### REQUIREMENT
Return the listing exactly, please; no pictures.

### EXTRACTED RECORDS
· · ·
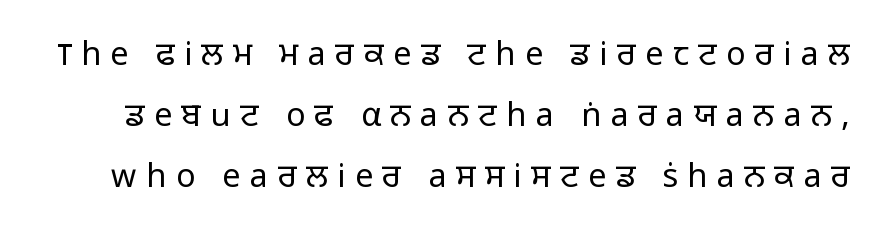
Q: Is the text bold? A: No.
Q: Is the text italic (slanted)? A: No, it is upright.
Q: Is the typeface a serif or a sans-serif typeface? A: Sans-serif.
Q: Is the text underlined? A: No.
Q: Is the spacing between letters normal or unusually wide? A: Unusually wide.
Q: Is the spacing between lines tight, normal or loose? A: Loose.
Q: Width (condensed, normal, or wide)? A: Normal.
Q: Stroke contrast? A: Low.
Q: x-height? A: Medium.
Q: Monospaced? A: No.
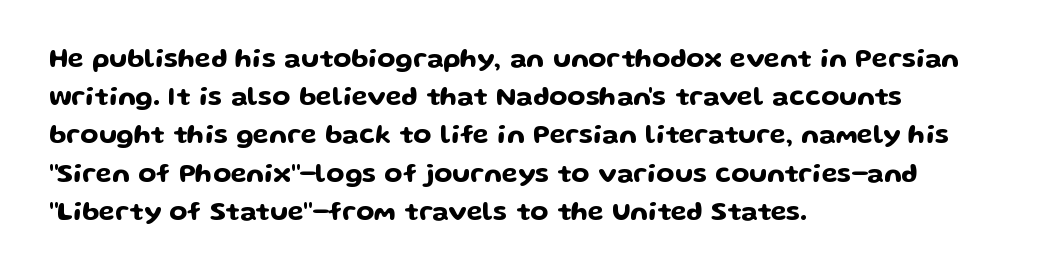
Glance below the letters and you will spot only blank space. Interline gaps are of average width in this sample. The type sits square on the baseline with zero lean. The text block is weighted toward the left margin, trailing off unevenly rightward. These lines keep a tight, regular rhythm from letter to letter.
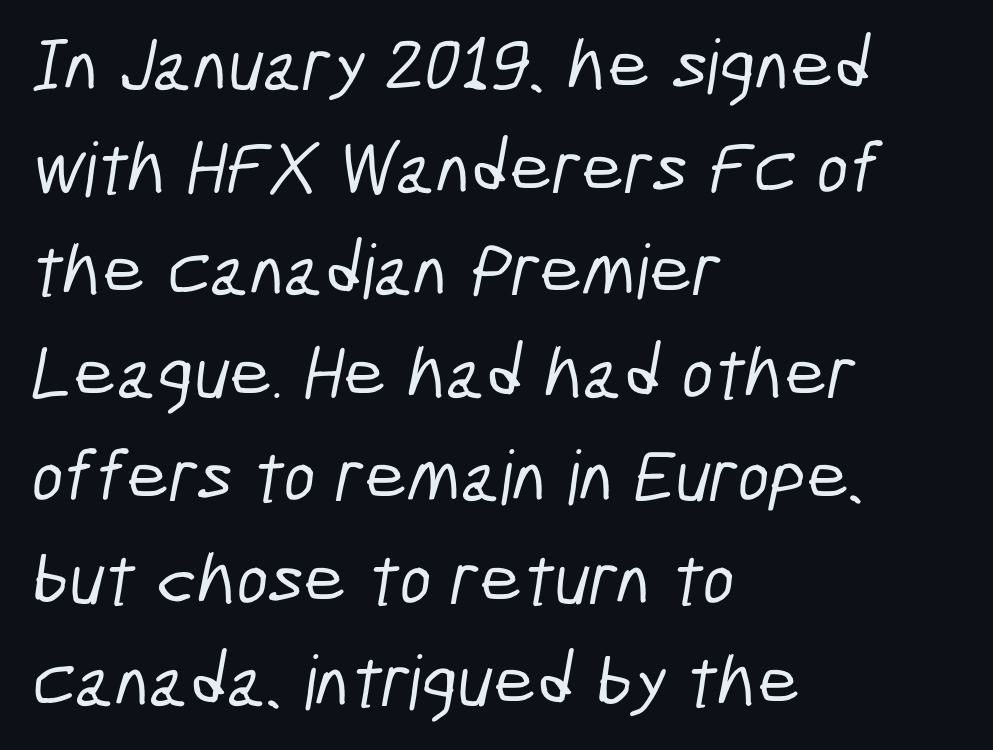
{"serif": "no", "width": "condensed", "stroke_contrast": "low", "x_height": "medium", "monospaced": "no", "underline": "no", "align": "left", "line_spacing": "normal", "line_spacing_ratio": 1.37, "letter_spacing": "normal", "letter_spacing_em": 0.0, "glyph_px": 75}
· · ·
### REPLY TO THE TASK
Q: Is the text bold? A: No.
Q: Is the text italic (slanted)? A: No, it is upright.
Q: Is the typeface a serif or a sans-serif typeface? A: Sans-serif.
Q: Is the text underlined? A: No.
Q: Is the spacing between letters normal or unusually wide? A: Unusually wide.
Q: Is the spacing between lines tight, normal or loose? A: Loose.
Q: Width (condensed, normal, or wide)? A: Normal.
Q: Stroke contrast? A: Low.
Q: x-height? A: Medium.
Q: Monospaced? A: No.
Glance below the letters and you will spot only blank space. Interline gaps are of average width in this sample. The type sits square on the baseline with zero lean. The text block is weighted toward the left margin, trailing off unevenly rightward. These lines keep a tight, regular rhythm from letter to letter.
{"serif": "no", "width": "condensed", "stroke_contrast": "low", "x_height": "medium", "monospaced": "no", "underline": "no", "align": "left", "line_spacing": "normal", "line_spacing_ratio": 1.37, "letter_spacing": "normal", "letter_spacing_em": 0.0, "glyph_px": 75}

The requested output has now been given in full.